**Action item**
The response should consist of the data below, copied exactly, with no pictures in it.

-- Opening Marker --

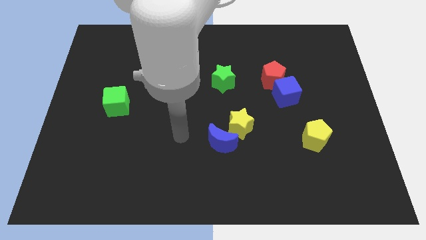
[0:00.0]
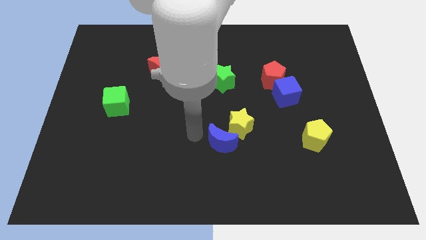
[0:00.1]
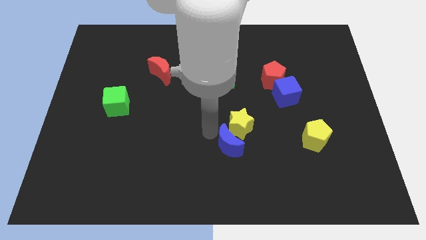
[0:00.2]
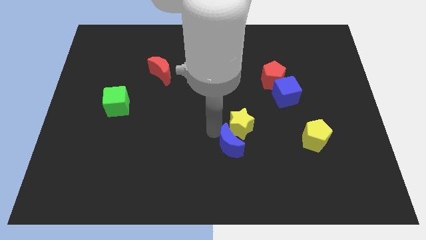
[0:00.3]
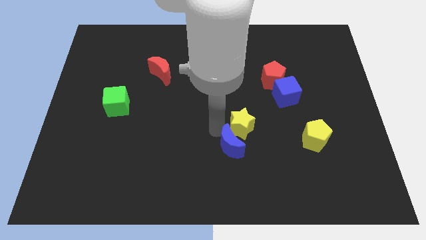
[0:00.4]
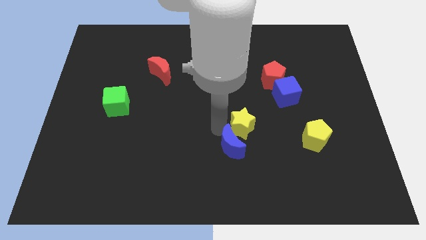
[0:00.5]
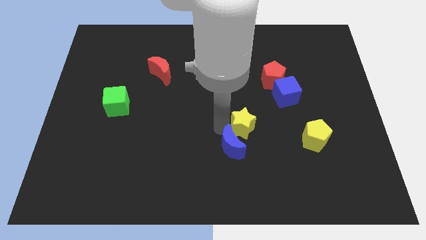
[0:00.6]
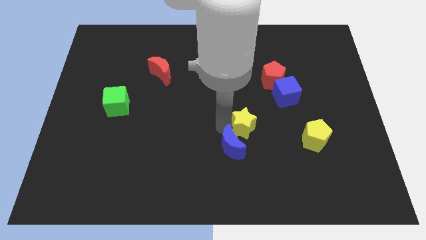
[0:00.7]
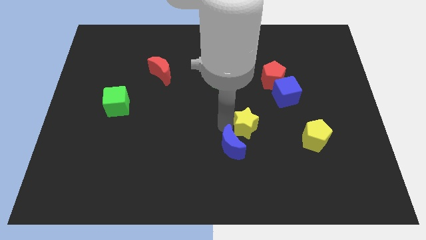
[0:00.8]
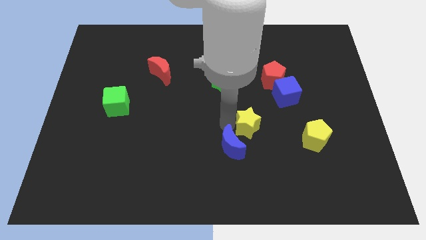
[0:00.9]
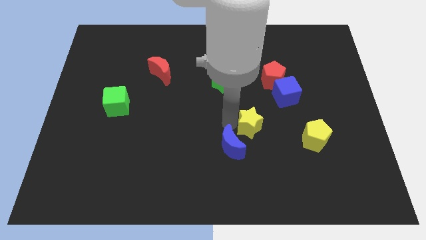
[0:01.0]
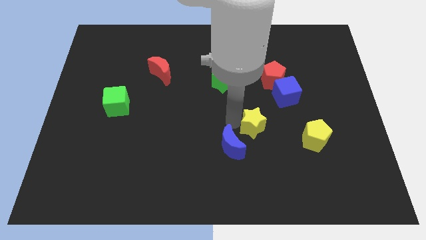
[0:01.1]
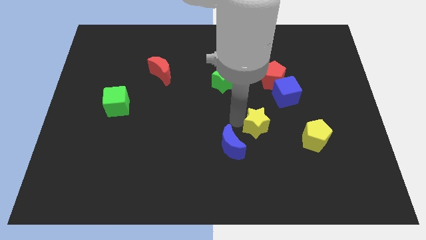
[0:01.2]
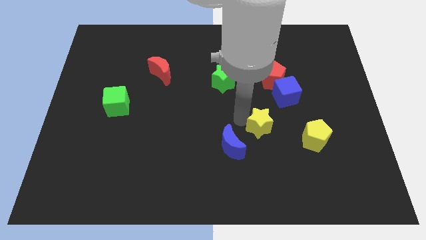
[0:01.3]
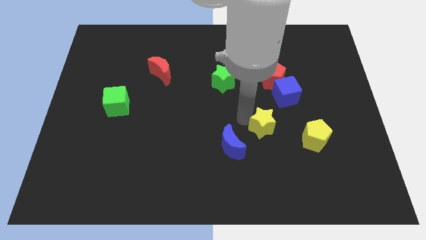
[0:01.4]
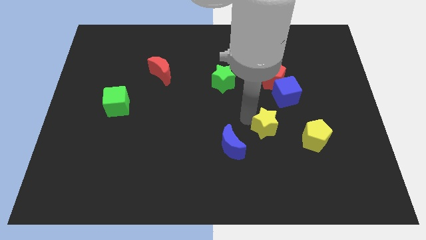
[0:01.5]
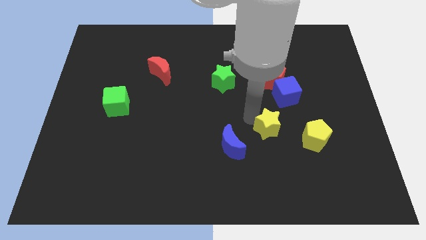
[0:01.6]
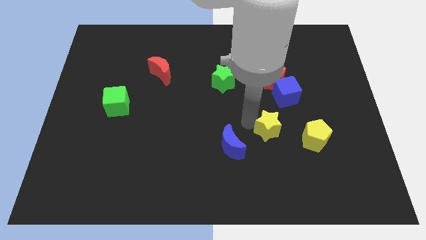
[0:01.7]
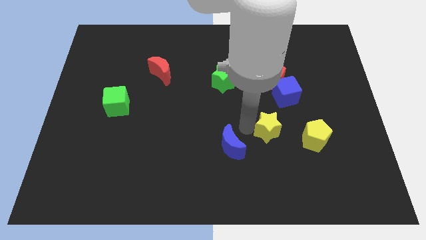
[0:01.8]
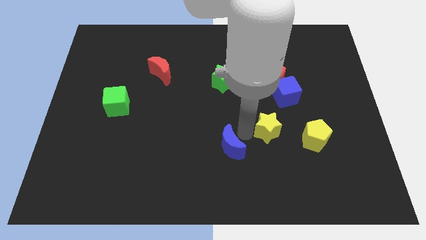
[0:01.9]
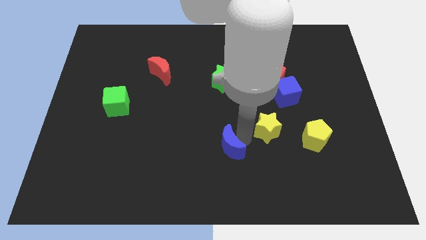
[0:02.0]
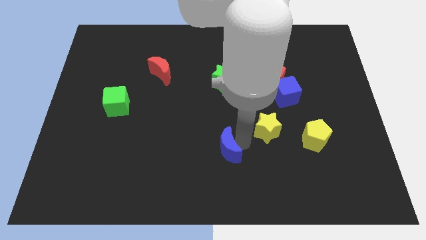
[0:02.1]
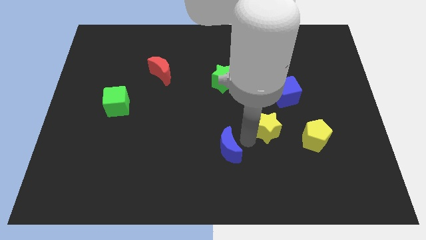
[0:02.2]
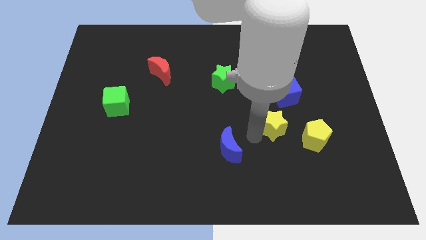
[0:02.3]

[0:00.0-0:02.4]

-- Closing Marker --

**Task solution**
[0:00.0]
[0:00.1]
[0:00.2]
[0:00.3]
[0:00.4]
[0:00.5]
[0:00.6]
[0:00.7]
[0:00.8]
[0:00.9]
[0:01.0]
[0:01.1]
[0:01.2]
[0:01.3]
[0:01.4]
[0:01.5]
[0:01.6]
[0:01.7]
[0:01.8]
[0:01.9]
[0:02.0]
[0:02.1]
[0:02.2]
[0:02.3]

[0:00.0-0:02.4]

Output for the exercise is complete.